> **EXERCISE REQUIREMENTS**: Every record below, from first to last, should be copied exactly; leave the pictures out.

======== DATA SUPPLIED ========

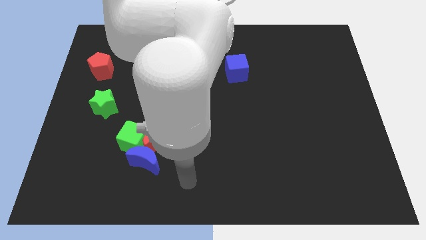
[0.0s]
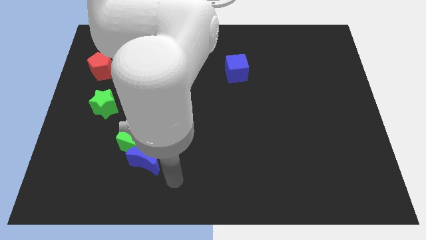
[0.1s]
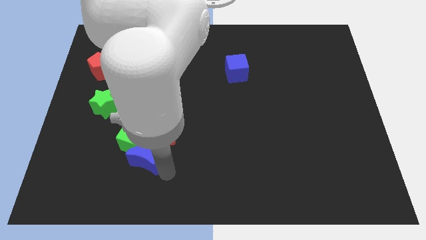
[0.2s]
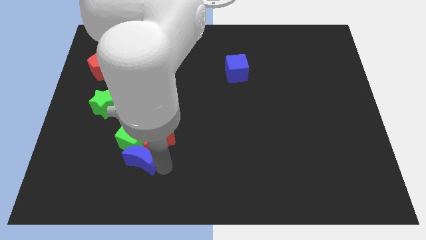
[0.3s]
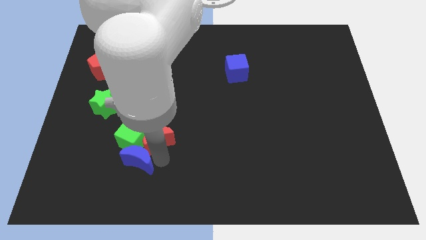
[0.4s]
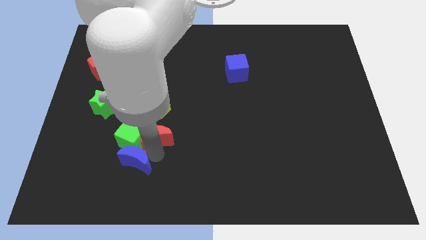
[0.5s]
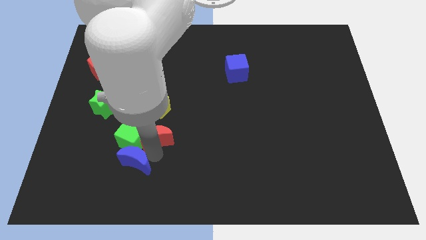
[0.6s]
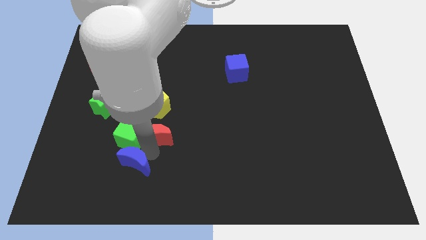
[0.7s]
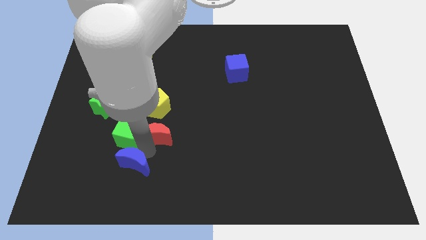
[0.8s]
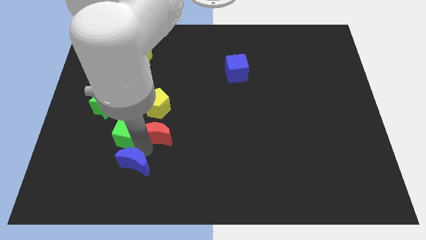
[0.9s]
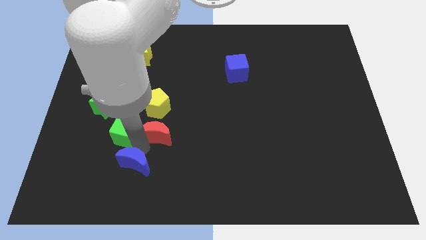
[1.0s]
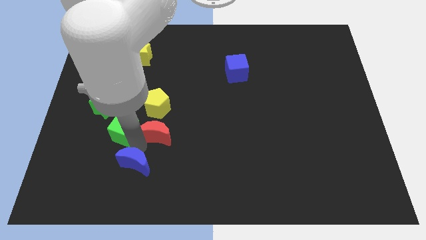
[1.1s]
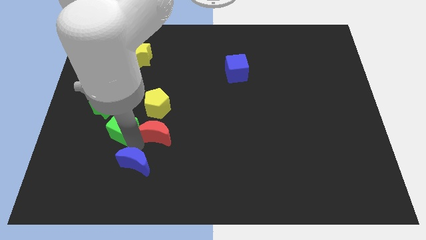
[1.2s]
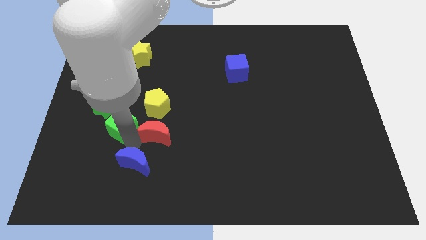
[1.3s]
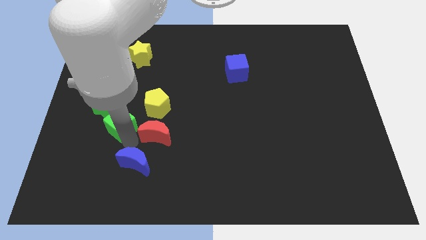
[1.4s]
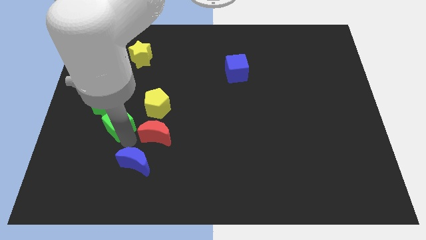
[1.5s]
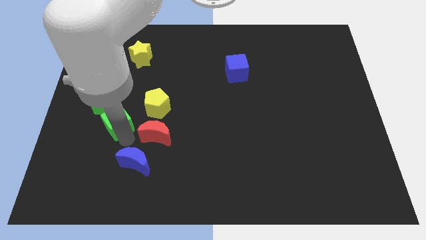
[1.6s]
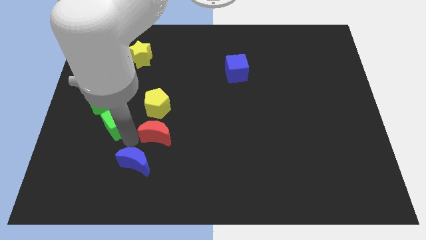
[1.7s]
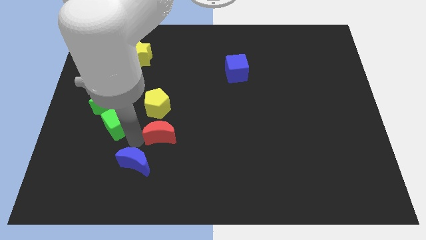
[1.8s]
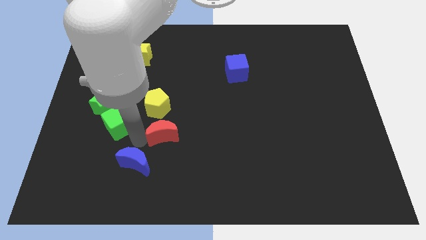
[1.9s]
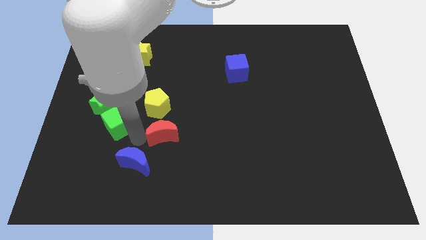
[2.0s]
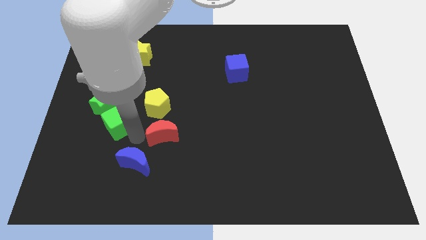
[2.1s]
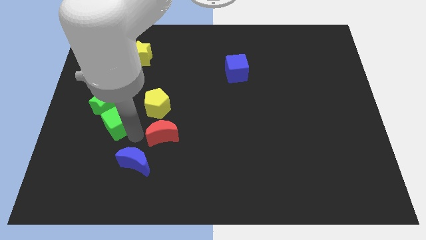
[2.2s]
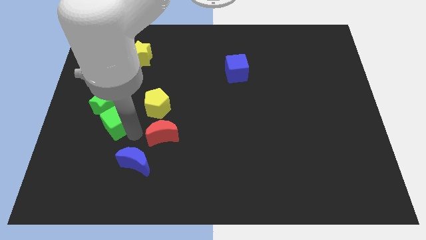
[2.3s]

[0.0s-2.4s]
separate the green cube from the red moon and blue moon

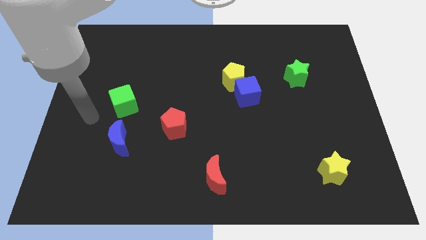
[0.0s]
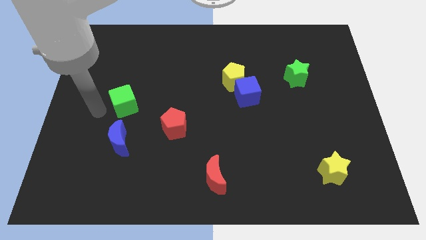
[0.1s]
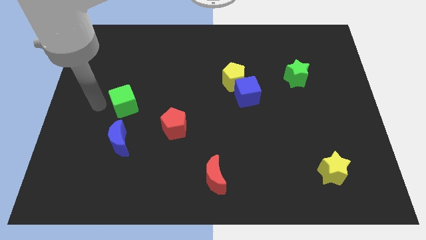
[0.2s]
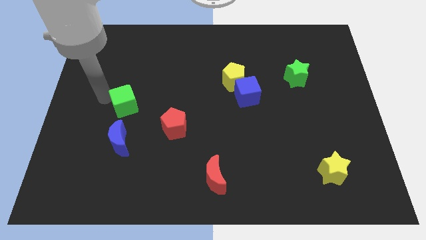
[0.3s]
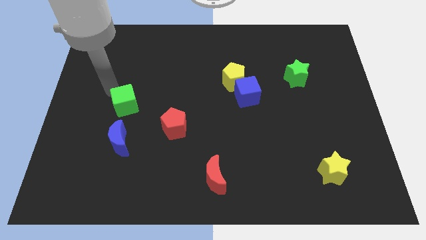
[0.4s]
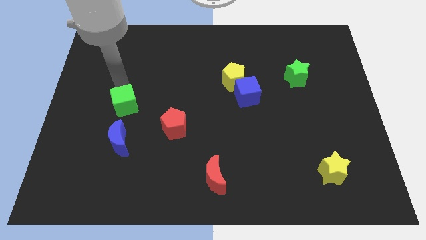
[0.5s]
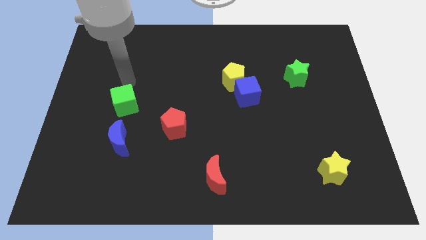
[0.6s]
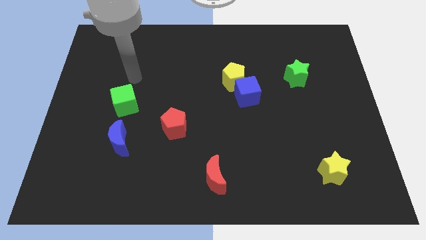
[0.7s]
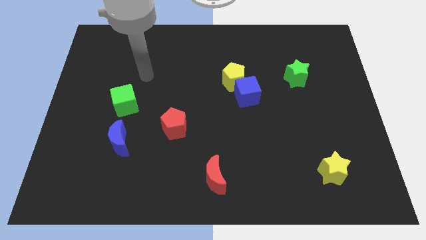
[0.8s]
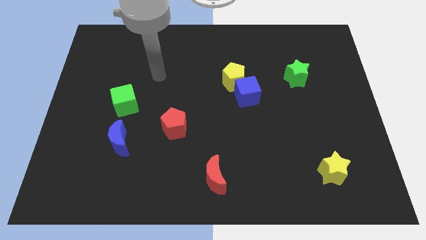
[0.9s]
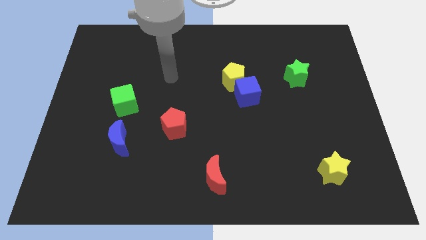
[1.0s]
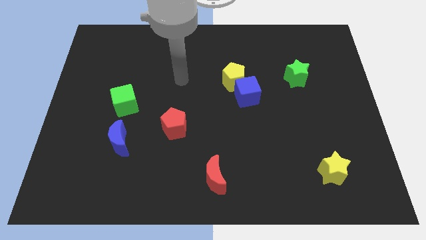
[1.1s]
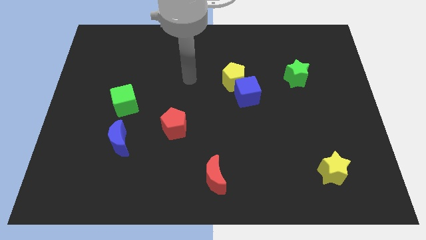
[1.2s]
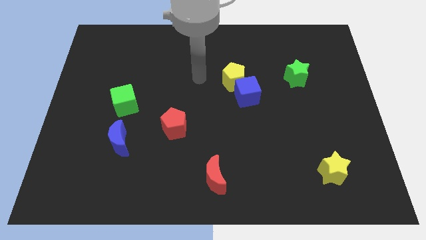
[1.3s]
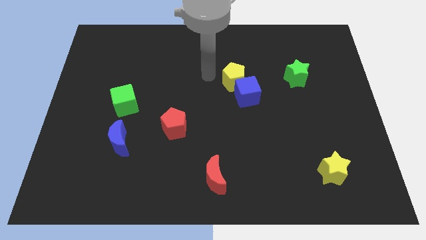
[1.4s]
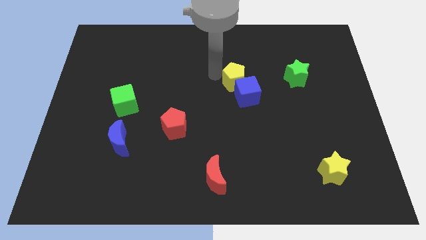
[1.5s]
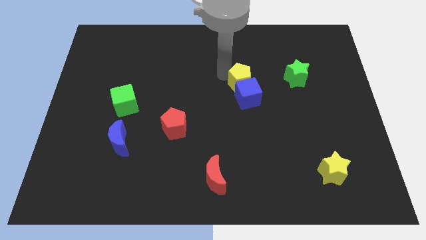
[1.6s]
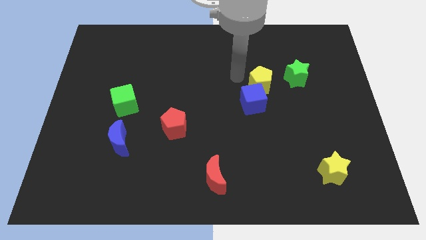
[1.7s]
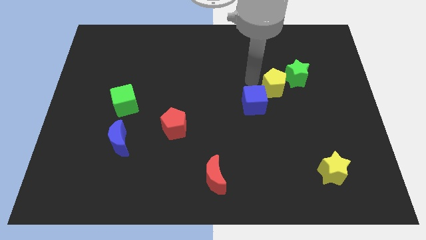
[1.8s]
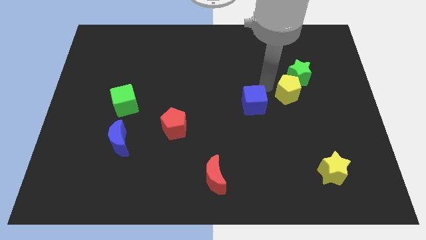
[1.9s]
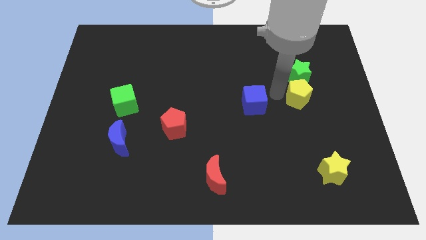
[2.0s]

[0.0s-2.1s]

========

> **SOLUTION BELOW**:
[0.0s]
[0.1s]
[0.2s]
[0.3s]
[0.4s]
[0.5s]
[0.6s]
[0.7s]
[0.8s]
[0.9s]
[1.0s]
[1.1s]
[1.2s]
[1.3s]
[1.4s]
[1.5s]
[1.6s]
[1.7s]
[1.8s]
[1.9s]
[2.0s]
[2.1s]
[2.2s]
[2.3s]

[0.0s-2.4s]
separate the green cube from the red moon and blue moon

[0.0s]
[0.1s]
[0.2s]
[0.3s]
[0.4s]
[0.5s]
[0.6s]
[0.7s]
[0.8s]
[0.9s]
[1.0s]
[1.1s]
[1.2s]
[1.3s]
[1.4s]
[1.5s]
[1.6s]
[1.7s]
[1.8s]
[1.9s]
[2.0s]

[0.0s-2.1s]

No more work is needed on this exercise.